- Available data:

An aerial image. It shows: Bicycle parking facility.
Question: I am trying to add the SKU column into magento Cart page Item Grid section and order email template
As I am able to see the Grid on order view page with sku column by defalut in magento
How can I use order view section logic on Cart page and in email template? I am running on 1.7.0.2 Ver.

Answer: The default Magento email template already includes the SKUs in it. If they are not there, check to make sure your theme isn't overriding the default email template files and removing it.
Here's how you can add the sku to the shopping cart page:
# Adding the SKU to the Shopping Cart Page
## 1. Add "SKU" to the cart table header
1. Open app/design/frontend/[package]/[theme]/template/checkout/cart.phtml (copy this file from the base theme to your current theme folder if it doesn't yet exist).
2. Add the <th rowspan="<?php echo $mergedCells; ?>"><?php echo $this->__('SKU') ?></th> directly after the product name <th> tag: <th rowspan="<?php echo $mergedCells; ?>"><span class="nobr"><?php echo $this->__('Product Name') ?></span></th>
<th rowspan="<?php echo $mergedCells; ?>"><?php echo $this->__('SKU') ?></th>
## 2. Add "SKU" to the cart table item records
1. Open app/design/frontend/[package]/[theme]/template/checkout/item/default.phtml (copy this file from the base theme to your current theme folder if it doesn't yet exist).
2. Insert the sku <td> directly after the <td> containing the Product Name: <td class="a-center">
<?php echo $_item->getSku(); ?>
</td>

- What you need to do: Take the entries above and repeat them verbatim.

- Task output:
An aerial image. It shows: Bicycle parking facility.
Question: I am trying to add the SKU column into magento Cart page Item Grid section and order email template
As I am able to see the Grid on order view page with sku column by defalut in magento
How can I use order view section logic on Cart page and in email template? I am running on 1.7.0.2 Ver.

Answer: The default Magento email template already includes the SKUs in it. If they are not there, check to make sure your theme isn't overriding the default email template files and removing it.
Here's how you can add the sku to the shopping cart page:
# Adding the SKU to the Shopping Cart Page
## 1. Add "SKU" to the cart table header
1. Open app/design/frontend/[package]/[theme]/template/checkout/cart.phtml (copy this file from the base theme to your current theme folder if it doesn't yet exist).
2. Add the <th rowspan="<?php echo $mergedCells; ?>"><?php echo $this->__('SKU') ?></th> directly after the product name <th> tag: <th rowspan="<?php echo $mergedCells; ?>"><span class="nobr"><?php echo $this->__('Product Name') ?></span></th>
<th rowspan="<?php echo $mergedCells; ?>"><?php echo $this->__('SKU') ?></th>
## 2. Add "SKU" to the cart table item records
1. Open app/design/frontend/[package]/[theme]/template/checkout/item/default.phtml (copy this file from the base theme to your current theme folder if it doesn't yet exist).
2. Insert the sku <td> directly after the <td> containing the Product Name: <td class="a-center">
<?php echo $_item->getSku(); ?>
</td>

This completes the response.